Je n’ai pensé, à ce moment-là, qu’à une seule chose : je ne retournerais
pas au front !… Maintenant, quand même, je vois mieux les conséquences de
cette amputation : comment vais-je vivre, ainsi diminué ?
    Émilienne tendit une main vers lui, la posa sur son bras :
    — Nous nous débrouillerons, François, dit-elle. L’important,
c’est que tu sois revenu…
    — Oui, acquiesça ma mère. C’est vrai, François, c’est
ça le plus important.
    Il hocha la tête et ne répondit pas. Je comprenais ses
doutes et son inquiétude : il avait échappé à l’enfer, mais c’était
désormais pour une vie amoindrie, brisée. Et une grande pitié me vint pour lui.
    *
    Depuis le départ de mon père, nos seules joies avaient été
ses lettres. Aux dernières nouvelles, il était toujours dans l’Est, du côté de
Verdun. Il souffrait de l’inconfort, du froid, de la faim car le ravitaillement
se faisait mal. Il ne se plaignait pas, pourtant, mais disait que seuls notre
image et l’espoir farouche de nous retrouver un jour l’aidaient à résister. À notre
tour, nous lui écrivions, lui donnant des nouvelles du coron, et lui envoyant
tout l’amour que nous avions pour lui.
    Ce jour-là, nous venions de relire sa dernière lettre reçue
la veille, dans laquelle il disait ne pas pouvoir se débarrasser de la vermine
qui infestait les tranchées.
    — Mon pauvre Jean, avait gémi ma mère, lui qui se
lavait tous les jours…
    Nous avons rangé la lettre avec les autres, dans le tiroir
du buffet, et nous avons vaqué à nos habituelles occupations.
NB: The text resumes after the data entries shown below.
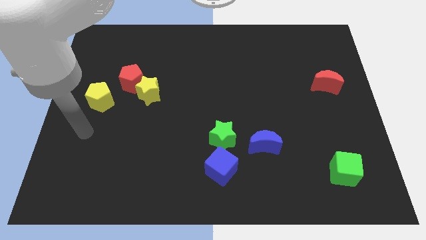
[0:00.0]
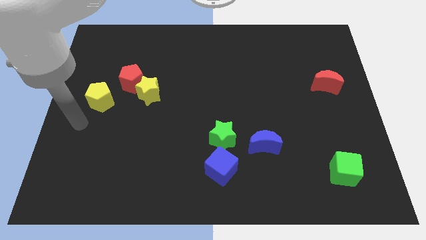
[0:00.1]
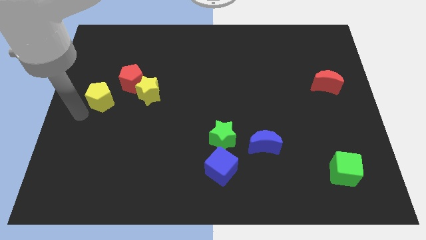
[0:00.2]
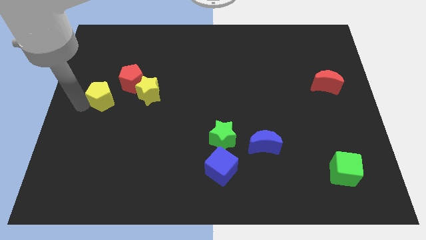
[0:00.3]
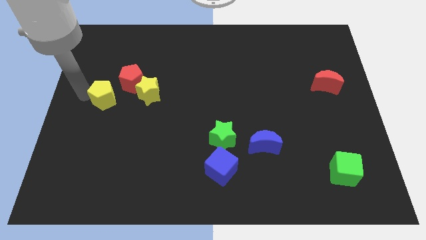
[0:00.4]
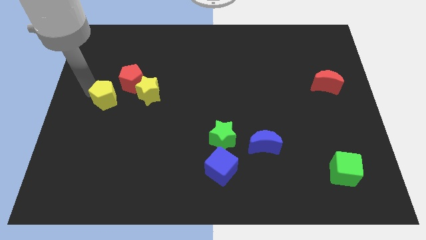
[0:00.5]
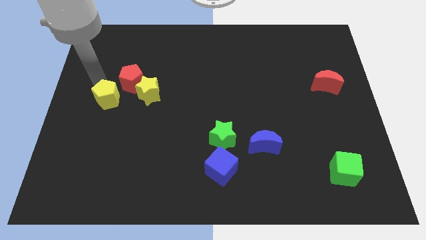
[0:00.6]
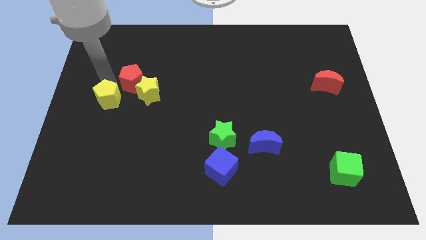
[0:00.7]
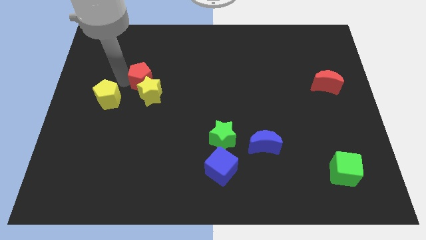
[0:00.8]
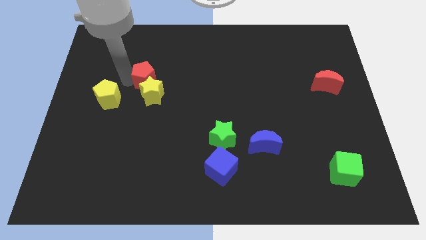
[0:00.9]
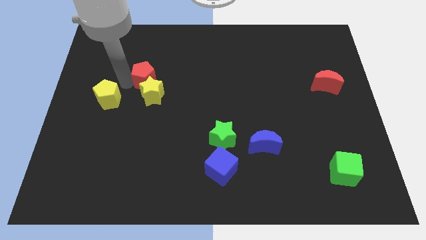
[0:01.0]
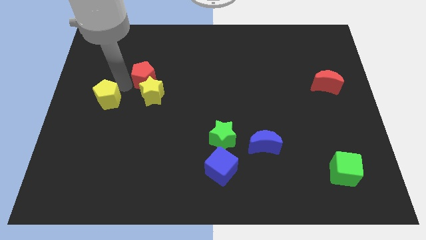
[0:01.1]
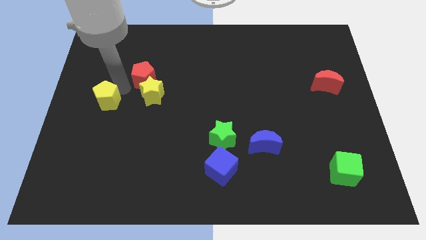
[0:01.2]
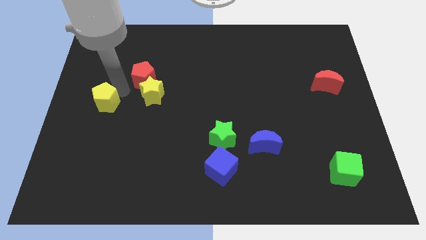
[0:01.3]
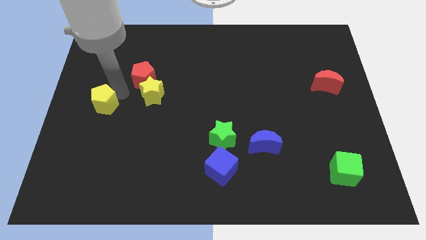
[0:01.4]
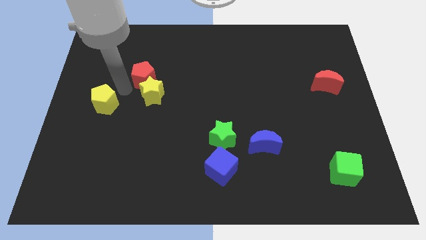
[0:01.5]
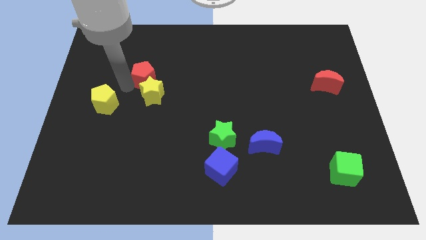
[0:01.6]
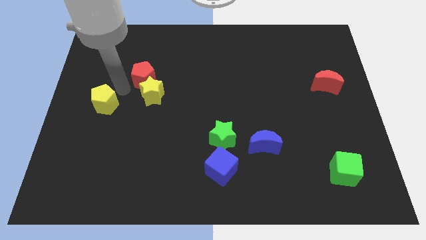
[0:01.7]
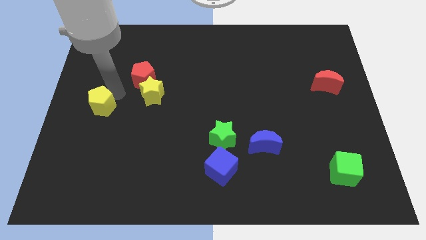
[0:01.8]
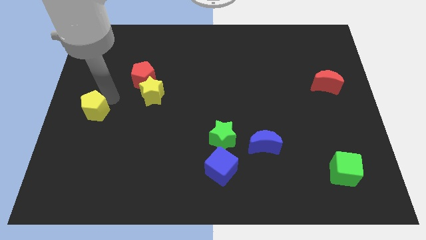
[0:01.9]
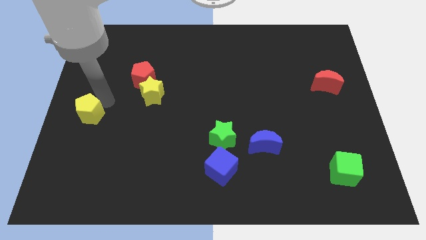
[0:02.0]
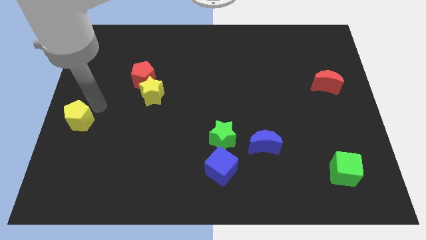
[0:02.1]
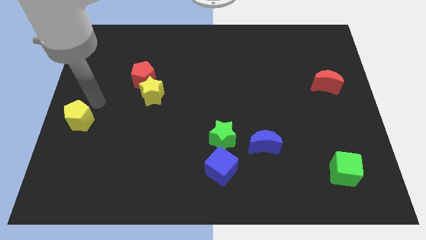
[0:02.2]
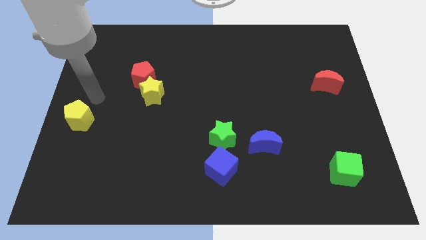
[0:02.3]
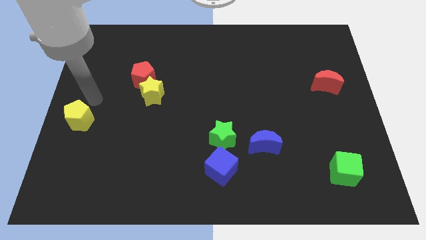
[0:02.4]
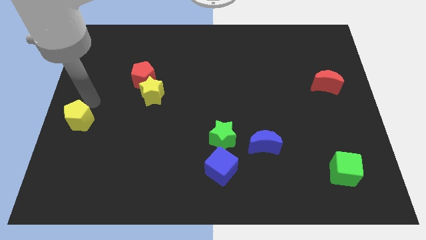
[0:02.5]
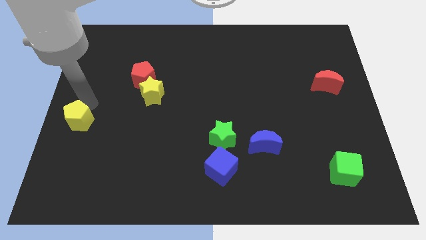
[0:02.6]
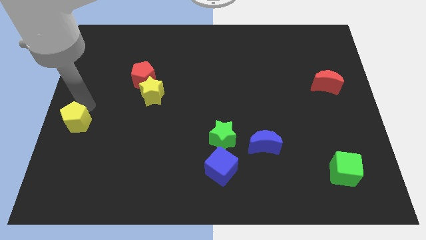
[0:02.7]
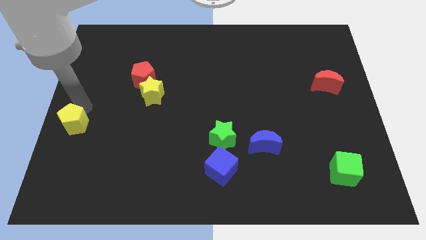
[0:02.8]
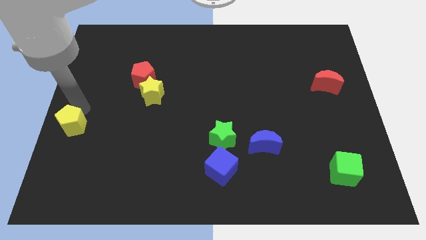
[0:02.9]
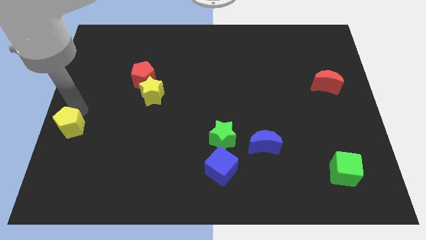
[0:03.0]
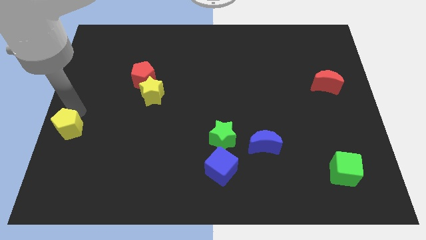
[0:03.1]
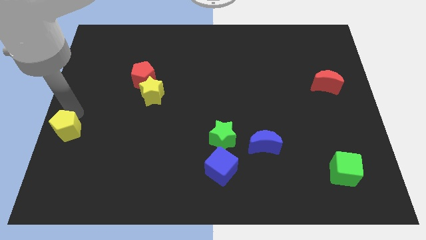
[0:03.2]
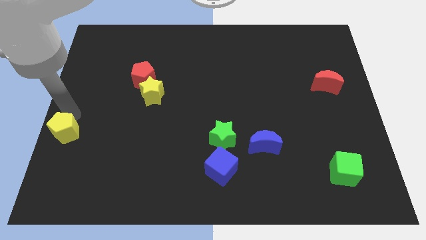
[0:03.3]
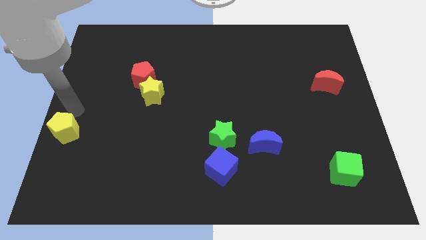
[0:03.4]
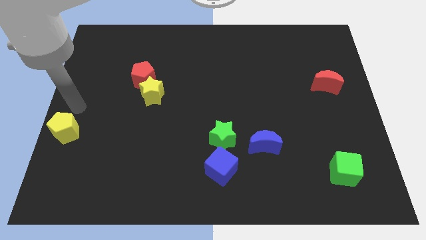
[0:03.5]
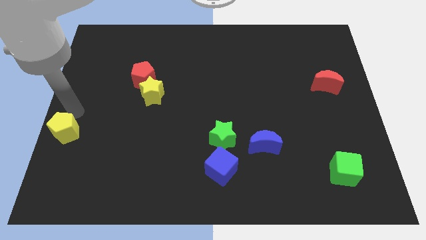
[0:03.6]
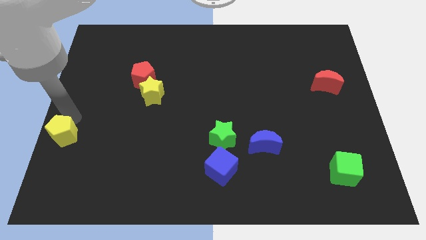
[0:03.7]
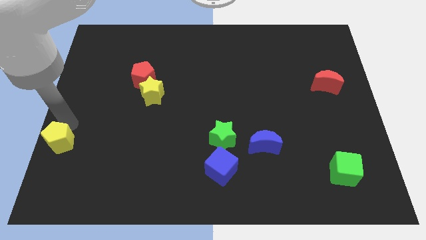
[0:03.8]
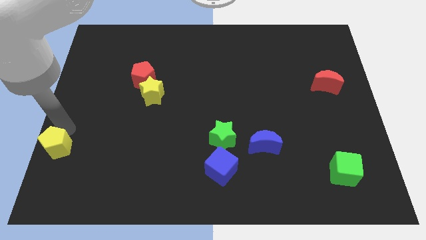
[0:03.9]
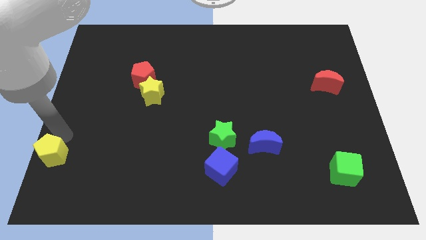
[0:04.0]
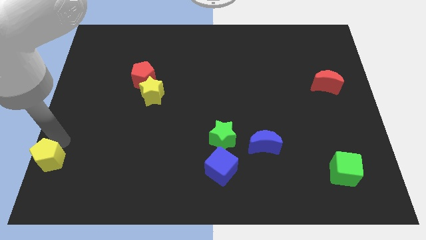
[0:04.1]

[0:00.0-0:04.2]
slide the yellow pentagon to the bottom left

Peu avant midi, ma
mère me dit :
    — Je vais au jardin, chercher des poireaux pour
la soupe. Pendant ce temps, fais chauffer de l’eau.
    J’emplis la marmite d’eau, et je venais de la poser sur le
feu lorsqu’on frappa à la porte d’entrée. Je criai :
    — Oui, entrez !
    Mais rien ne bougea. Cela était si peu habituel que je m’inquiétai.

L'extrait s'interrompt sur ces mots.